Work request — For the records that follow, say how many lines have the word "fill" in them. Write the number and nothing more.

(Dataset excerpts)
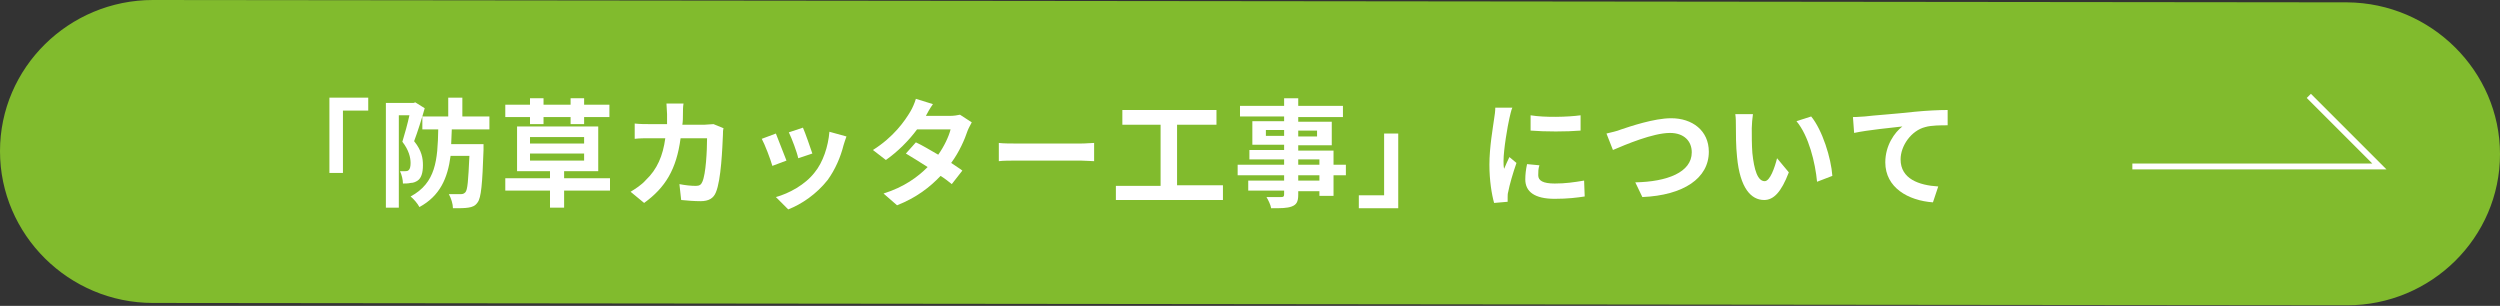 <?xml version="1.0" encoding="utf-8"?>
<!-- Generator: Adobe Illustrator 27.0.0, SVG Export Plug-In . SVG Version: 6.00 Build 0)  -->
<svg version="1.1" id="レイヤー_1" xmlns="http://www.w3.org/2000/svg" xmlns:xlink="http://www.w3.org/1999/xlink" x="0px"
	 y="0px" viewBox="0 0 425 52" style="enable-background:new 0 0 425 52;" xml:space="preserve">
<rect x="0" y="0" width="425" height="52" fill="#333333" stroke="none"/>
<style type="text/css">
	.st0{fill:#81BB2D;}
	.st1{fill:#FFFFFF;}
	.st2{fill:none;stroke:#FFFFFF;stroke-miterlimit:10;}
</style>
<g>
	<path class="st0" d="M425,26.2c0,14.2-11.7,25.7-26,25.7L26,51.5c-14.3,0-26-11.6-26-25.8S11.7,0,26,0l373,0.4
		C413.3,0.5,425,12.1,425,26.2z"/>
</g>
<g>
	<path class="st1" d="M56,16.6h6.6v2.2h-4.3v10.6H56V16.6z"/>
	<path class="st1" d="M72.2,18.4c-0.5,1.8-1.2,4-1.8,5.6c1.3,1.6,1.5,2.9,1.5,4.1c0,1.3-0.3,2.2-0.9,2.6c-0.3,0.2-0.7,0.4-1.2,0.4
		c-0.4,0.1-0.9,0.1-1.3,0.1c0-0.6-0.2-1.5-0.5-2.1c0.4,0,0.6,0,0.9,0c0.2,0,0.4,0,0.6-0.2c0.2-0.2,0.3-0.6,0.3-1.2
		c0-0.9-0.3-2.2-1.4-3.6c0.4-1.3,0.9-3.1,1.2-4.5h-1.8v15.7h-2.2V17.5h4.7l0.3-0.1L72.2,18.4z M76.8,22.1c0,0.8-0.1,1.6-0.1,2.4h5.5
		c0,0,0,0.7,0,1c-0.2,5.8-0.4,8.1-1,8.9c-0.4,0.6-0.9,0.8-1.6,0.9c-0.6,0.1-1.6,0.1-2.6,0.1c0-0.7-0.3-1.7-0.7-2.4
		C77.2,33,78,33,78.4,33c0.3,0,0.5-0.1,0.7-0.3c0.4-0.4,0.5-2,0.7-6.2h-3.2c-0.5,3.8-1.8,6.8-5.3,8.7c-0.3-0.6-1-1.4-1.5-1.8
		c4.3-2.3,4.6-6.2,4.7-11.4h-2.7v-2.2h4.4v-3.2h2.4v3.2h4.6v2.2H76.8z"/>
	<path class="st1" d="M103.7,32.4h-7.8v2.9h-2.4v-2.9h-7.6v-2.1h7.6v-1.2h-5.6v-7.6h13.8v7.6h-5.8v1.2h7.8V32.4z M90.1,19.9h-4.2
		v-2.1h4.2v-1.1h2.3v1.1h4.6v-1.1h2.3v1.1h4.3v2.1h-4.3v1.2h-2.3v-1.2h-4.6v1.2h-2.3V19.9z M90.1,24.4h9.2v-1.1h-9.2V24.4z
		 M90.1,27.3h9.2v-1.2h-9.2V27.3z"/>
	<path class="st1" d="M123,21.8c-0.1,0.3-0.1,0.8-0.1,1.1c-0.1,2.2-0.3,7.7-1.2,9.8c-0.4,1-1.2,1.5-2.6,1.5c-1.1,0-2.3-0.1-3.3-0.2
		l-0.3-2.7c1,0.2,2,0.3,2.8,0.3c0.6,0,0.9-0.2,1.1-0.7c0.6-1.3,0.8-5.3,0.8-7.4h-4.5c-0.7,5.3-2.6,8.4-6.2,11l-2.3-1.9
		c0.8-0.5,1.8-1.1,2.6-2c1.9-1.8,2.9-4.1,3.3-7.1h-2.6c-0.7,0-1.8,0-2.6,0.1V21c0.8,0.1,1.9,0.1,2.6,0.1h2.9c0-0.6,0-1.1,0-1.7
		c0-0.4-0.1-1.4-0.1-1.8h2.9c-0.1,0.5-0.1,1.3-0.1,1.8c0,0.6,0,1.2-0.1,1.8h3.8c0.5,0,1-0.1,1.5-0.1L123,21.8z"/>
	<path class="st1" d="M133.7,27.3l-2.4,0.9c-0.3-1.1-1.3-3.7-1.8-4.6l2.4-0.9C132.3,23.8,133.3,26.2,133.7,27.3z M143.9,23.2
		c-0.2,0.6-0.4,1.1-0.5,1.5c-0.5,2-1.4,4.1-2.7,5.9c-1.9,2.4-4.4,4.1-6.7,5l-2.1-2.1c2.2-0.6,5-2.1,6.6-4.2c1.4-1.7,2.3-4.4,2.5-6.9
		L143.9,23.2z M138.1,26.1l-2.4,0.8c-0.2-1-1.1-3.4-1.6-4.4l2.4-0.8C136.9,22.6,137.8,25.2,138.1,26.1z"/>
	<path class="st1" d="M165.2,20.8c-0.2,0.4-0.5,0.9-0.7,1.4c-0.5,1.5-1.4,3.6-2.8,5.5c0.7,0.5,1.4,0.9,1.9,1.3l-1.8,2.3
		c-0.5-0.4-1.1-0.9-1.9-1.4c-1.8,1.9-4.1,3.7-7.4,5l-2.3-2c3.5-1.1,5.8-2.8,7.5-4.5c-1.4-0.9-2.7-1.7-3.7-2.3l1.7-1.9
		c1.1,0.5,2.4,1.3,3.8,2.1c1-1.4,1.8-3.1,2.1-4.3h-5.7c-1.4,1.9-3.3,3.8-5.3,5.2l-2.2-1.7c3.5-2.2,5.4-4.9,6.4-6.6
		c0.3-0.5,0.7-1.4,0.9-2.1l2.9,0.9c-0.5,0.7-1,1.6-1.2,2l0,0h4.1c0.6,0,1.3-0.1,1.7-0.2L165.2,20.8z"/>
	<path class="st1" d="M169.8,24.3c0.7,0.1,2.2,0.1,3.2,0.1h10.7c0.9,0,1.8-0.1,2.3-0.1v3.1c-0.5,0-1.5-0.1-2.3-0.1H173
		c-1.1,0-2.5,0-3.2,0.1V24.3z"/>
	<path class="st1" d="M207.9,31.6V34h-18.2v-2.4h7.6V21.2h-6.5v-2.5h16v2.5h-6.7v10.3H207.9z"/>
	<path class="st1" d="M228.8,29.8h-2.1v3.5h-2.4v-0.8h-3.6v0.6c0,1.2-0.3,1.7-1.1,2c-0.8,0.3-1.8,0.3-3.5,0.3
		c-0.1-0.6-0.5-1.4-0.8-1.9c1,0,2.1,0,2.5,0c0.4,0,0.5-0.1,0.5-0.5v-0.6h-6.1v-1.7h6.1v-0.9h-7.9V28h7.9v-0.9h-5.9v-1.6h5.9v-0.9
		h-5.4v-4h5.4v-0.8h-7.5V18h7.5v-1.3h2.4V18h7.6v1.9h-7.6v0.8h5.7v4h-5.7v0.9h6V28h2.1V29.8z M218.3,23.1v-1h-3.1v1H218.3z
		 M220.7,22.2v1h3.2v-1H220.7z M220.7,28h3.6v-0.9h-3.6V28z M224.3,29.8h-3.6v0.9h3.6V29.8z"/>
	<path class="st1" d="M237.6,35.4h-6.6v-2.2h4.3V22.7h2.4V35.4z"/>
	<path class="st1" d="M257.1,18.3c-0.2,0.4-0.4,1.4-0.5,1.8c-0.3,1.3-1,5.3-1,7.3c0,0.4,0,0.9,0.1,1.3c0.3-0.7,0.6-1.4,0.9-2l1.2,1
		c-0.6,1.7-1.2,3.8-1.4,4.9c-0.1,0.3-0.1,0.7-0.1,0.9c0,0.2,0,0.5,0,0.8l-2.3,0.2c-0.4-1.4-0.8-3.8-0.8-6.5c0-3,0.6-6.3,0.8-7.8
		c0.1-0.6,0.2-1.3,0.2-1.9L257.1,18.3z M261.7,28.1c-0.2,0.6-0.2,1.1-0.2,1.7c0,0.9,0.8,1.4,2.8,1.4c1.8,0,3.2-0.2,5-0.5l0.1,2.7
		c-1.3,0.2-2.9,0.4-5.1,0.4c-3.4,0-5-1.2-5-3.3c0-0.8,0.1-1.7,0.3-2.6L261.7,28.1z M268.7,19.6v2.6c-2.4,0.2-6,0.2-8.5,0l0-2.6
		C262.6,20,266.5,19.9,268.7,19.6z"/>
	<path class="st1" d="M275.6,22c1.5-0.5,5.6-1.9,8.5-1.9c3.6,0,6.4,2.1,6.4,5.7c0,4.5-4.3,7.4-11.3,7.7L278,31
		c5.4-0.1,9.6-1.7,9.6-5.1c0-1.9-1.3-3.3-3.7-3.3c-2.9,0-7.6,2-9.7,2.9l-1.1-2.8C273.9,22.5,274.9,22.3,275.6,22z"/>
	<path class="st1" d="M297.8,21.8c0,1.3,0,2.8,0.1,4.2c0.3,2.9,0.9,4.8,2.1,4.8c0.9,0,1.7-2.3,2.1-3.9l2,2.4
		c-1.3,3.4-2.6,4.7-4.2,4.7c-2.2,0-4.1-2-4.6-7.3c-0.2-1.8-0.2-4.1-0.2-5.3c0-0.6,0-1.4-0.1-2l3,0C297.9,20.1,297.8,21.2,297.8,21.8
		z M311.5,29.9l-2.6,1c-0.3-3.2-1.4-7.8-3.5-10.3l2.5-0.8C309.8,22.1,311.3,26.9,311.5,29.9z"/>
	<path class="st1" d="M317,19.8c1.6-0.2,4.9-0.4,8.5-0.8c2-0.2,4.2-0.3,5.6-0.3l0,2.6c-1.1,0-2.8,0-3.8,0.3
		c-2.4,0.6-4.2,3.2-4.2,5.5c0,3.3,3.1,4.4,6.4,4.6l-0.9,2.7c-4.2-0.3-8.1-2.5-8.1-6.8c0-2.9,1.6-5.1,2.9-6.1
		c-1.7,0.2-5.9,0.6-8.2,1.1l-0.2-2.7C315.9,19.9,316.6,19.8,317,19.8z"/>
</g>
<polyline class="st2" points="362.5,28.3 404.5,28.3 392.5,16.3 "/>
</svg>

Completed exercise — 4